Offline
Online
Viewers

Using Hadoop And PHP

Getting Started

So first things first.  If you haven’t used Hadoop before you’ll first need to download a Hadoop release and make sure you have Java and PHP installed.  To download Hadoop head over to:

http://hadoop.apache.org/common/releases.html

Click on download a release and choose a mirror.  I suggest choosing the most recent stable release.  Once you’ve downloaded Hadoop, unzip it.

tar xpf hadoop-0.20.2.tar.gz

I like to create a symlink to the hadoop-<release> directory to make things easier to manage.

link -s hadoop-0.20.2 hadoop

Now you should have everything you need to start creating a Hadoop PHP job.

Creating The Job

For this example I’m going to create a simple Map/Reduce job for Hadoop.  Let’s start by understanding what we want to happen.

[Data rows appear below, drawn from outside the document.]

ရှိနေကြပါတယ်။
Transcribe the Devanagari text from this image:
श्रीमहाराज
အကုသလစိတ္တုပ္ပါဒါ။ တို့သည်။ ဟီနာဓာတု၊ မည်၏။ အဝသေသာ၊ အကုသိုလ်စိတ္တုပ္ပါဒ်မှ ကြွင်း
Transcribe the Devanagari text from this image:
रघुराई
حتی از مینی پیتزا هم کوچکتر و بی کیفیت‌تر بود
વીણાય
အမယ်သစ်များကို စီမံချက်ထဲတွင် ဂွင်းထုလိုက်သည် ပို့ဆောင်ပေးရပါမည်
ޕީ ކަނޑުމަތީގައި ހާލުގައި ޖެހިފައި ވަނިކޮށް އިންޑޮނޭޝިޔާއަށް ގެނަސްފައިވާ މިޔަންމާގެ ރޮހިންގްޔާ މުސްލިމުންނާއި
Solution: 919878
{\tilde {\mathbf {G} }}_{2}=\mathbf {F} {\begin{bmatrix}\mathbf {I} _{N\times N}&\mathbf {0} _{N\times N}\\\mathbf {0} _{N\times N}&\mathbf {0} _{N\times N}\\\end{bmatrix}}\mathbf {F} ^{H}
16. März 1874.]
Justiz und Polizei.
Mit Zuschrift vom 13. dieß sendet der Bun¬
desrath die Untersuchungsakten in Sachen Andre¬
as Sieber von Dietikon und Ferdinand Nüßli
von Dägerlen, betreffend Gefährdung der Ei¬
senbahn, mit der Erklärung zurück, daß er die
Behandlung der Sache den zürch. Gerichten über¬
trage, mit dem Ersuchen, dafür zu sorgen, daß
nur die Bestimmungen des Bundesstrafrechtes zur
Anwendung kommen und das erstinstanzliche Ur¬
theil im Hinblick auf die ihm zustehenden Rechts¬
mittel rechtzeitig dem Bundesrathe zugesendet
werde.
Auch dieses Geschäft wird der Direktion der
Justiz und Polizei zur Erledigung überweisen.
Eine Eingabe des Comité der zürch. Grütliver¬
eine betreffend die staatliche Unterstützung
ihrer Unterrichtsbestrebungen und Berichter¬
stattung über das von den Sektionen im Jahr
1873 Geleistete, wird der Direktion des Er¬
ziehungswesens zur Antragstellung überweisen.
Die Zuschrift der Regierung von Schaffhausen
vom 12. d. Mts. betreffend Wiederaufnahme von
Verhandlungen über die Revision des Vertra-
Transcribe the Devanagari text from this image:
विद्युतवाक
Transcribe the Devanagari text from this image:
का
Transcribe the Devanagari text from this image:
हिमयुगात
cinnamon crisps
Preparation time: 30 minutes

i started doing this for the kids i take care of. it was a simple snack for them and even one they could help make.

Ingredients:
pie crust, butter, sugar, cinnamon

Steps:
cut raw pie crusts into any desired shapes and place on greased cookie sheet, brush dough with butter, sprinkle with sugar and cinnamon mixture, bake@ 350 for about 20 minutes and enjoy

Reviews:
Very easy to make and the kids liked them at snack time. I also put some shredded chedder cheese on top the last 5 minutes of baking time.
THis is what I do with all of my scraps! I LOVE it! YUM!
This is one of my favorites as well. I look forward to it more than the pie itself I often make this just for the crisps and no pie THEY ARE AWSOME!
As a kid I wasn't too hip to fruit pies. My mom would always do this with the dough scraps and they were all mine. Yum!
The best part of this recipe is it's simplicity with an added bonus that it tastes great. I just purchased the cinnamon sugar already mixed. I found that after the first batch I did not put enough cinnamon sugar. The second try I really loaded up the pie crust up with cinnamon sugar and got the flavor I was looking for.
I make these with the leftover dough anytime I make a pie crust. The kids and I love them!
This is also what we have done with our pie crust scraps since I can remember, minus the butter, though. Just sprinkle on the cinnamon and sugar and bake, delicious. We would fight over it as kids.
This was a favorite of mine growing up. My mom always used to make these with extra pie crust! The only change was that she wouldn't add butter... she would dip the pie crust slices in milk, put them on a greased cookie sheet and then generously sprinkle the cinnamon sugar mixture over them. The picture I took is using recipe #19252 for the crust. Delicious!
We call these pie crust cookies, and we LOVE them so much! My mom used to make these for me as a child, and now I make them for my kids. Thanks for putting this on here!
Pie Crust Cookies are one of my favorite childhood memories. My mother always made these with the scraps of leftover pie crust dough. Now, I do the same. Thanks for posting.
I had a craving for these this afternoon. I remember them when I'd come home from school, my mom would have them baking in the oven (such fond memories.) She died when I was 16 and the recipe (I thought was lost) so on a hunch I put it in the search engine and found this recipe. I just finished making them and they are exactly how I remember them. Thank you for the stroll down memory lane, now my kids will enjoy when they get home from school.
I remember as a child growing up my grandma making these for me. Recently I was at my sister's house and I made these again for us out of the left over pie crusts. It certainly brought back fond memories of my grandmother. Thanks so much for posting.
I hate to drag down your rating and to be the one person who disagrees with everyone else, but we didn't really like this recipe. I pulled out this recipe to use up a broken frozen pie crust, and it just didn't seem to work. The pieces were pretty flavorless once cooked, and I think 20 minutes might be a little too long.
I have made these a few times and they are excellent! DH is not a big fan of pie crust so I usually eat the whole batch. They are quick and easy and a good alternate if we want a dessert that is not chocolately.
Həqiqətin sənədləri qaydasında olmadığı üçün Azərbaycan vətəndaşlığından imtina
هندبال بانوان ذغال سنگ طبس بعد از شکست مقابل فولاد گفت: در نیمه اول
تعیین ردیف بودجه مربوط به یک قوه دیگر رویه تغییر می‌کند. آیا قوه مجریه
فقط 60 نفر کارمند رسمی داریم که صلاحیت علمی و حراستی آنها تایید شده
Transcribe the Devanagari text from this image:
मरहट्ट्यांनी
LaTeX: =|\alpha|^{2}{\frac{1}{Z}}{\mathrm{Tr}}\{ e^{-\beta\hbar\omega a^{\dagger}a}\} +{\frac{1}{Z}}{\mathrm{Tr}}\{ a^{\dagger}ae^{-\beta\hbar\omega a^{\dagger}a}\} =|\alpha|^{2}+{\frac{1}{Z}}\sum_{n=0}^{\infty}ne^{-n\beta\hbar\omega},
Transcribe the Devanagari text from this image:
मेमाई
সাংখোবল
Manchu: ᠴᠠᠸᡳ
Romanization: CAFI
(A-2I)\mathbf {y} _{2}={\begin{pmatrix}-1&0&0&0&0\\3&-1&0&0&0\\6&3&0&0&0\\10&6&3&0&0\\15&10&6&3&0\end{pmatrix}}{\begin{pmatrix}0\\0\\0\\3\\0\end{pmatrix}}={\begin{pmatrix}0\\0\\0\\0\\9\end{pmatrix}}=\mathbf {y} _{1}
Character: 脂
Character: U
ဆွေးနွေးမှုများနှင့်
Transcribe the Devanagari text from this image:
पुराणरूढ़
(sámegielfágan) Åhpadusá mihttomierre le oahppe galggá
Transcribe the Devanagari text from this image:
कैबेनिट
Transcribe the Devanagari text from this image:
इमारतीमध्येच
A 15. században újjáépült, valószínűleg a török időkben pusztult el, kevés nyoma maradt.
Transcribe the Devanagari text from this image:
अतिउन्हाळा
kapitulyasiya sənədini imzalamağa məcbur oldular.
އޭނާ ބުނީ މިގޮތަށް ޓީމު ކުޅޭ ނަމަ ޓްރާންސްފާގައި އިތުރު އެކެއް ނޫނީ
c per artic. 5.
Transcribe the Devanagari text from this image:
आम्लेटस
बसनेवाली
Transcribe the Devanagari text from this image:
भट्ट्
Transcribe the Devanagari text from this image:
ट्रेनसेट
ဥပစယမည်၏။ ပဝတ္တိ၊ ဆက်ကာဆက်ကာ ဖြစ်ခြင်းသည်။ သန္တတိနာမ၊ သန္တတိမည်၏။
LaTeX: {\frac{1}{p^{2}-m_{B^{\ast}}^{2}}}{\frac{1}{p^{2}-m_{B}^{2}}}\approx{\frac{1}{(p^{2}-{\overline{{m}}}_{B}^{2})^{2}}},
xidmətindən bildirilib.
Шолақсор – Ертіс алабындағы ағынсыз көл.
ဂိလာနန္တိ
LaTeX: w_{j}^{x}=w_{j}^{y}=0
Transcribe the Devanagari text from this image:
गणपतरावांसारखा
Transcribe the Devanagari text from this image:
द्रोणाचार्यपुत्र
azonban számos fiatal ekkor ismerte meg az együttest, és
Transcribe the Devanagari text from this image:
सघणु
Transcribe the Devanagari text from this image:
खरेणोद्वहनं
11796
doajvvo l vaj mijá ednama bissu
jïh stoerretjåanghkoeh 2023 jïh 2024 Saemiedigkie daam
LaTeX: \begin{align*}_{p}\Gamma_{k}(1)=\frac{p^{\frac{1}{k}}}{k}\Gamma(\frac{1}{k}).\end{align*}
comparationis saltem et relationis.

  1. We want to read from an input system – this is our mapper
  2. We want to do something with what we’ve mapped – this is our reducer

At the root of your development directory, let’s create another directory called script.  This is where we’ll store our PHP mapper and reducer files.

ls

.
..
hadoop-0.20.2
hadoop-0.20.2.tar.gz
hadoop
mkdir script

Now let’s being creating our mapper script in PHP.  Go ahead and create a PHP file called mapper.php under the script directory.

touch script/mapper.php

Now let’s look at the basic structure of a PHP mapper.

[codesyntax lang=”php”]

#!/usr/bin/php
<?php
//this can be anything from reading input from files, to retrieving database content, soap calls, etc.
//for this example I'm going to create a simple php associative array.
$a = array(
'first_name' => 'Hello',
'last_name' => 'World'
);
//it's important to note that anything you send to STDOUT will be written to the output specified by the mapper.
//it's also important to note, do not forget to end all output to STDOUT with a PHP_EOL, this will save you a lot of pain.
echo serialize($a), PHP_EOL;
?>

[/codesyntax]

So this example is extremely simple.  Create a simple associative array and serialize it.  Now onto the reducer.  Create a PHP file in the script directory called reducer.php.

touch script/reducer.php

Now let’s take a look at the layout of a reducer.

[codesyntax lang=”php”]

#!/usr/bin/php

<?php
//Remember when I said anything put out through STDOUT in our mapper would go to the reducer.
//Well, now we read from the STDIN to get the result of our mapper.
//iterate all lines of output from our mapper
while (($line = fgets(STDIN)) !== false) {
//remove leading and trailing whitespace, just in case :)
$line = trim($line);
//now recreate the array we serialized in our mapper
$a = unserialize($line);
    //Now, we do whatever we need to with the data.  Write it out again so another process can pick it up,
    //send it to the database, soap call, whatever.  In this example, just change it a little and
    //write it back out.
    $a['middle_name'] = 'Jason';
    //do not forget the PHP_EOL
    echo serialize($a), PHP_EOL;
}//end while
?>

[/codesyntax]

So now we have a very simple mapper and reducer ready to go.

Execution

So now let’s run it and see what happens.  But first, a little prep work.  We need to specify the input directory that will be used when the job runs.

mkdir input
touch input/conf

Ok, that was difficult.  We have an input directory and we’ve created an empty conf file.  The empty conf file is just something that the mapper will use to get started.  For now, don’t worry about it.  Now let’s run this bad boy.  Make sure you have your JAVA_HOME set, this is usually in the /usr directory.  You can set this by running #export JAVA_HOME=/usr.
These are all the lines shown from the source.